这是用户在 2024-8-19 20:17 为 https://towardsdatascience.com/introduction-to-resnets-c0a830a288a4 保存的双语快照页面,由 沉浸式翻译 提供双语支持。了解如何保存?

Introduction to ResNets ResNet 简介

Connor Shorten
Towards Data Science
6 min readJan 25, 2019
‘We need to go Deeper’ Meme, classical CNNs do not perform well as the depth of the network grows past a certain threshold. ResNets allow for the training of deeper networks.
“我们需要更深入”Meme,当网络深度超过一定阈值时,经典 CNN 的表现就不佳。 ResNet 允许训练更深的网络。
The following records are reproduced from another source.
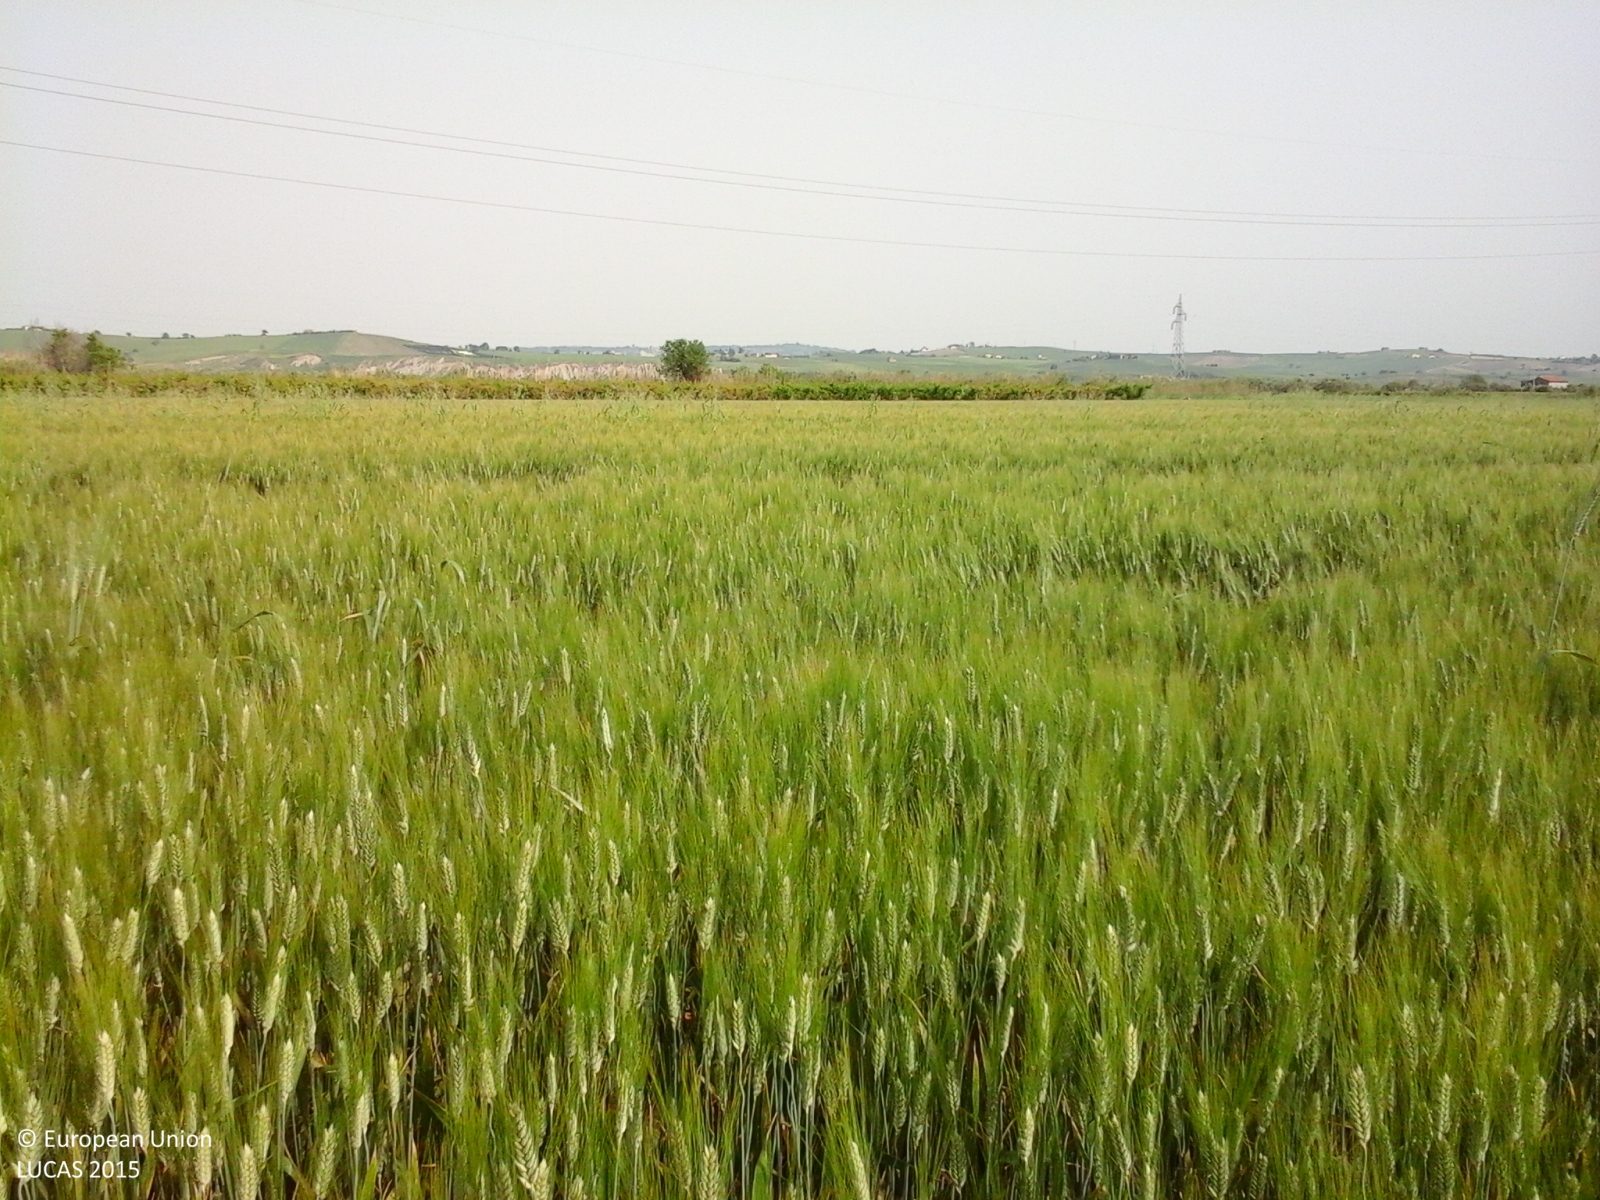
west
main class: Cropland
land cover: Durum wheat
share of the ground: > 75 %
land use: Agriculture (excluding fallow land and kitchen gardens)
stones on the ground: < 10 %
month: May
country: IT
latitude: 42.0357
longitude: 14.7567

This Article is Based on Deep Residual Learning for Image Recognition from He et al. [2] (Microsoft Research): https://arxiv.org/pdf/1512.03385.pdf
本文基于 He 等人的图像识别深度残差学习。 [2](微软研究院): https://arxiv.org/pdf/1512.03385.pdf

In 2012, Krizhevsky et al. [1] rolled out the red carpet for the Deep Convolutional Neural Network. This was the first time this architecture was more successful that traditional, hand-crafted feature learning on the ImageNet. Their DCNN, named AlexNet, contained 8 neural network layers, 5 convolutional and 3 fully-connected. This laid the foundational for the traditional CNN, a convolutional layer followed by an activation function followed by a max pooling operation, (sometimes the pooling operation is omitted to preserve the spatial resolution of the image).
2012 年,克里热夫斯基等人。 [1] 为深度卷积神经网络铺上了红地毯。这是该架构第一次比 ImageNet 上传统的手工特征学习更成功。他们的 DCNN 名为 AlexNet,包含 8 个神经网络层、5 个卷积层和 3 个全连接层。这为传统 CNN 奠定了基础,即卷积层、激活函数、最大池化操作(有时会省略池化操作以保留图像的空间分辨率)。

Much of the success of Deep Neural Networks has been accredited to these additional layers. The intuition behind their function is that these layers progressively learn more complex features. The first layer learns edges, the second layer learns shapes, the third layer learns objects, the fourth layer learns eyes, and so on. Despite the popular meme shared in AI communities from the Inception movie stating that “We need to go Deeper”, He et al. [2] empirically show that there is a maximum threshold for depth with the traditional CNN model.
深度神经网络的成功很大程度上归功于这些附加层。它们功能背后的直觉是这些层逐渐学习更复杂的特征。第一层学习边缘,第二层学习形状,第三层学习物体,第四层学习眼睛,依此类推。尽管《盗梦空间》电影中人工智能社区中流行的梗是“我们需要更深入”,但 He 等人。 [2] 经验表明,传统的 CNN 模型存在深度的最大阈值。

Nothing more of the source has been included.